De Sanctis V, Stea S, Savarino L, Scialpi V, Traina G C, Chiarelli G M, Sprocati M, Govoni R, Pezzoli D, Gamberini R, Rigolin F
Department of Paediatric and Adolescent Medicine, Arcispedale St. Anna, Ferrara, Italy.
J Pediatr Endocrinol Metab. 1998;11 Suppl 3:827-33.

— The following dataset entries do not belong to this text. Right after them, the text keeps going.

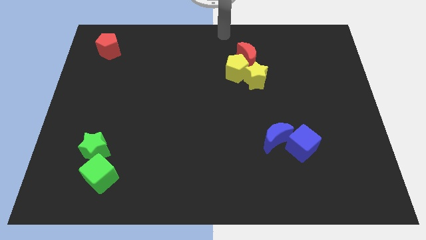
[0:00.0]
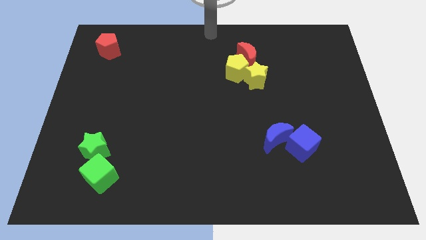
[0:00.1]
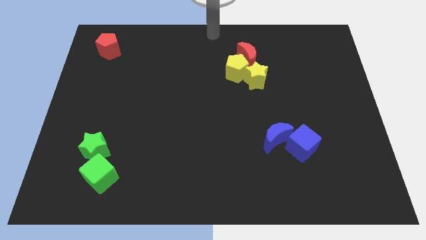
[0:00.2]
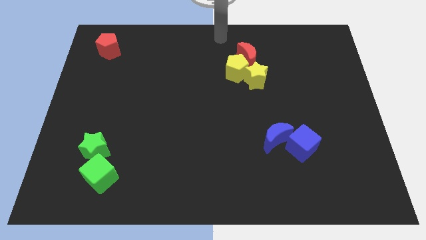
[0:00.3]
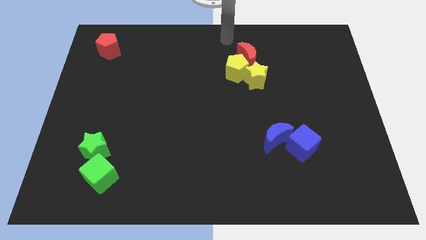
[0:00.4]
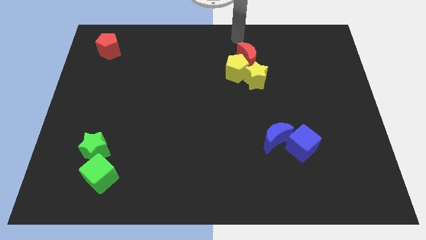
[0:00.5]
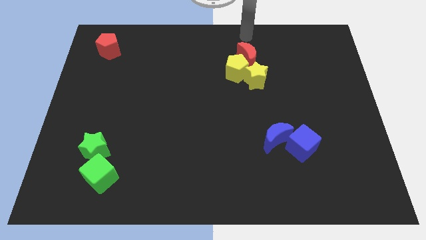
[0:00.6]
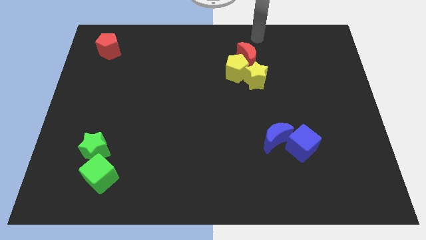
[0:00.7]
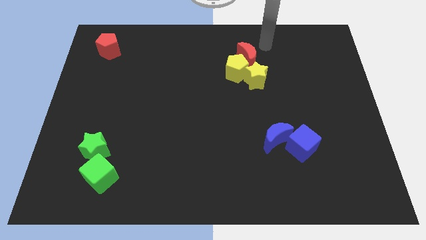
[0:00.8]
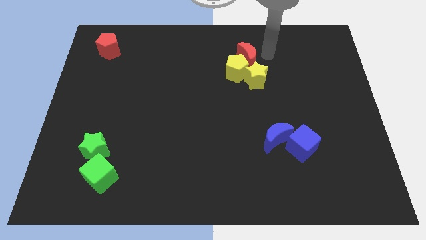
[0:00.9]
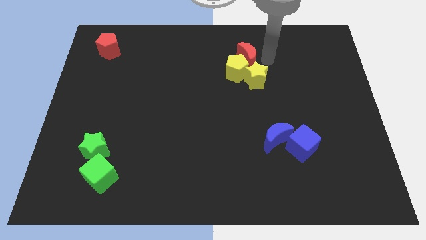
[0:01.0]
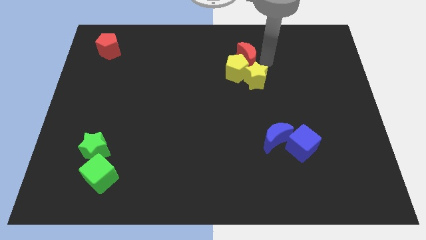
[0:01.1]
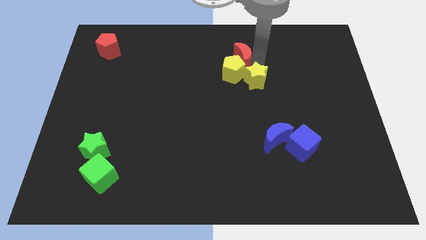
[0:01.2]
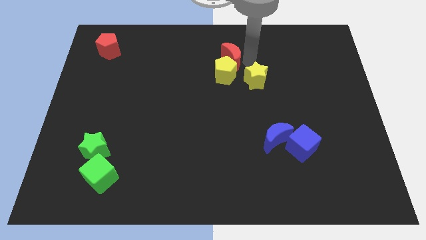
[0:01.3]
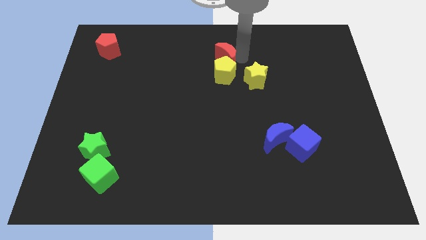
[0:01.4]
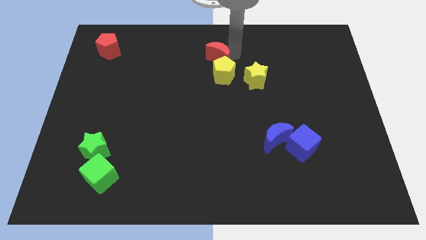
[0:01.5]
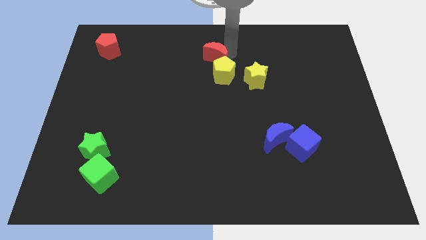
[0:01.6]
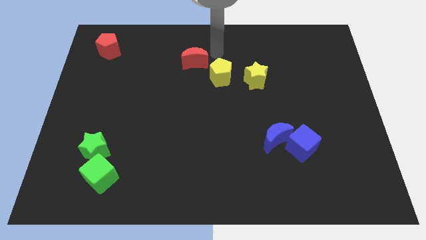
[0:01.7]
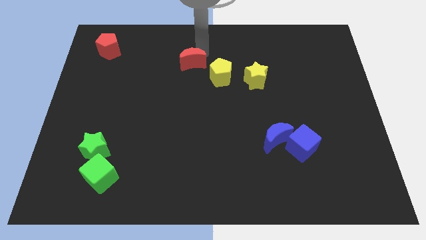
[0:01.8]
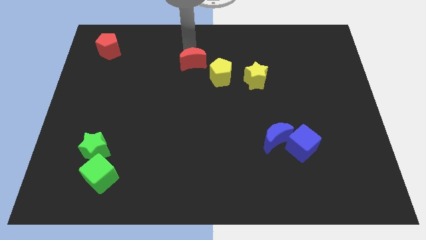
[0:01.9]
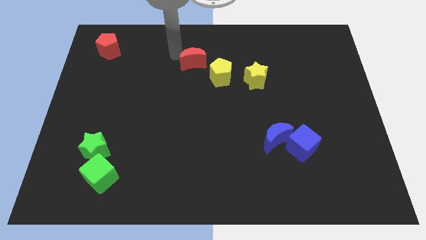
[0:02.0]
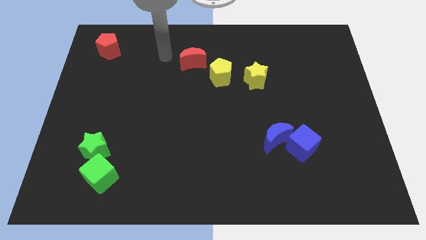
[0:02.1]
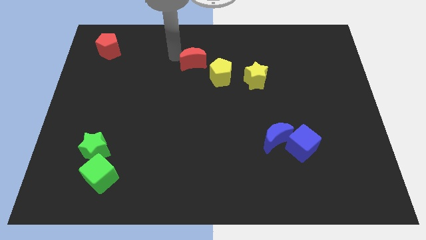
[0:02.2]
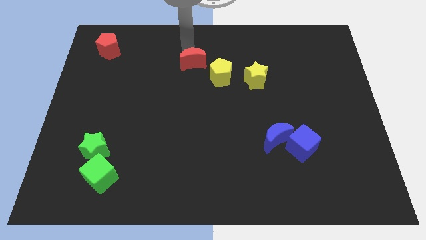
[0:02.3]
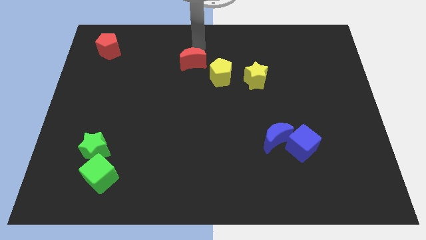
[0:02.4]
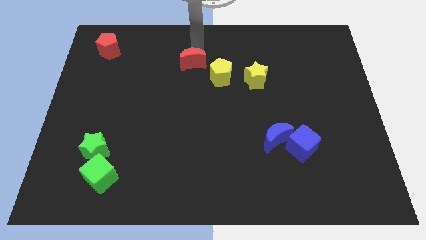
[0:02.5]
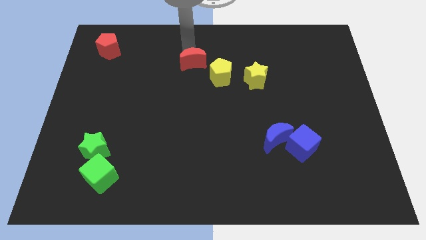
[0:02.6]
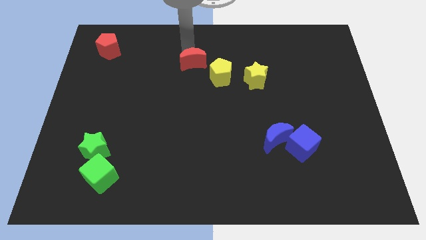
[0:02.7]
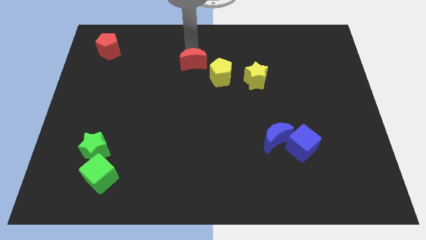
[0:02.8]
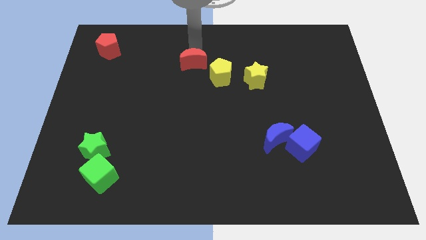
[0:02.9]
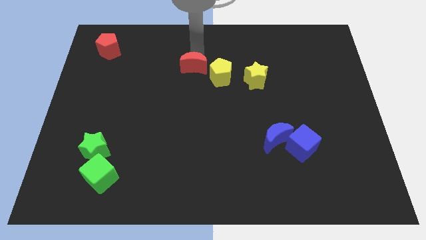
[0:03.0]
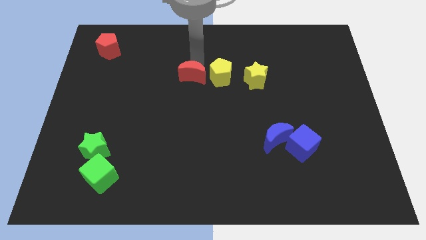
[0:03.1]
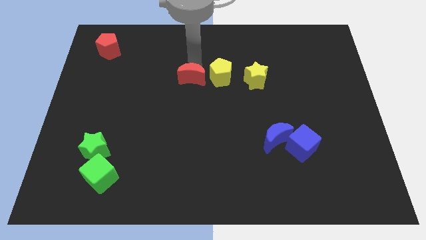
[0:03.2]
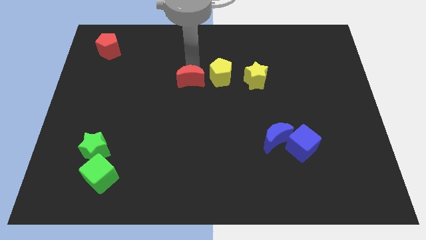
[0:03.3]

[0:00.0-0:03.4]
make a horizontal line out of yellow blocks and the red crescent

An auxological and endocrinological study was performed in 21 thalassaemic patients with growth retardation and skeletal dysplasia secondary to desferrioxamine. Bone metaphyseal proximal tibial or iliac crest biopsy was performed in six patients with severe genu valgum or non-traumatic vertebral compression. GH insufficiency/deficiency (GH deficiency: peak after stimulation test below 6 ng/ml) was found in 72% of our thalassaemic patients with skeletal dysplasia, but in only 41% of patients without skeletal dysplasia. Bone histology showed abnormal chondrocytes, alteration of staining pattern of cartilage, irregular columnar cartilage and lacunae in the cartilaginous tissue. The behaviour of bone tissue was unpredictable (presence of thick or thin osteoid layer). Bone microfractures were sometimes present. The bone microstructure showed scarce mineralization, which was evenly or irregularly distributed. The bone tissue apatitic phase was quantitatively reduced. The hardness of bone tissue was remarkably lower than that of normal bone in three out of six patients. In conclusion, iron chelation therapy in patients with acquired skeletal dysplasia seems to interfere with GH secretion. The early identification of clinical and radiological abnormalities of skeletal dysplasia is of paramount importance in preventing severe bone destruction.
对21例因去铁胺导致生长发育迟缓及骨骼发育异常的地中海贫血患者进行了人体测量学和内分泌学研究。对6例患有严重膝外翻或非创伤性椎体压缩的患者进行了胫骨近端或髂嵴骨的干骺端活检。在患有骨骼发育异常的地中海贫血患者中,72%发现生长激素分泌不足/缺乏(生长激素缺乏:刺激试验后峰值低于6 ng/ml),而在无骨骼发育异常的患者中仅为41%。骨组织学显示软骨细胞异常、软骨染色模式改变、软骨组织中柱状软骨不规则及腔隙形成。骨组织的表现不可预测(类骨质层厚或薄)。有时存在骨微骨折。骨微结构显示矿化稀少,分布均匀或不规则。骨组织磷灰石相在数量上减少。6例患者中有3例骨组织硬度明显低于正常骨。总之,获得性骨骼发育异常患者的铁螯合治疗似乎会干扰生长激素分泌。早期识别骨骼发育异常的临床和影像学异常对于预防严重的骨破坏至关重要。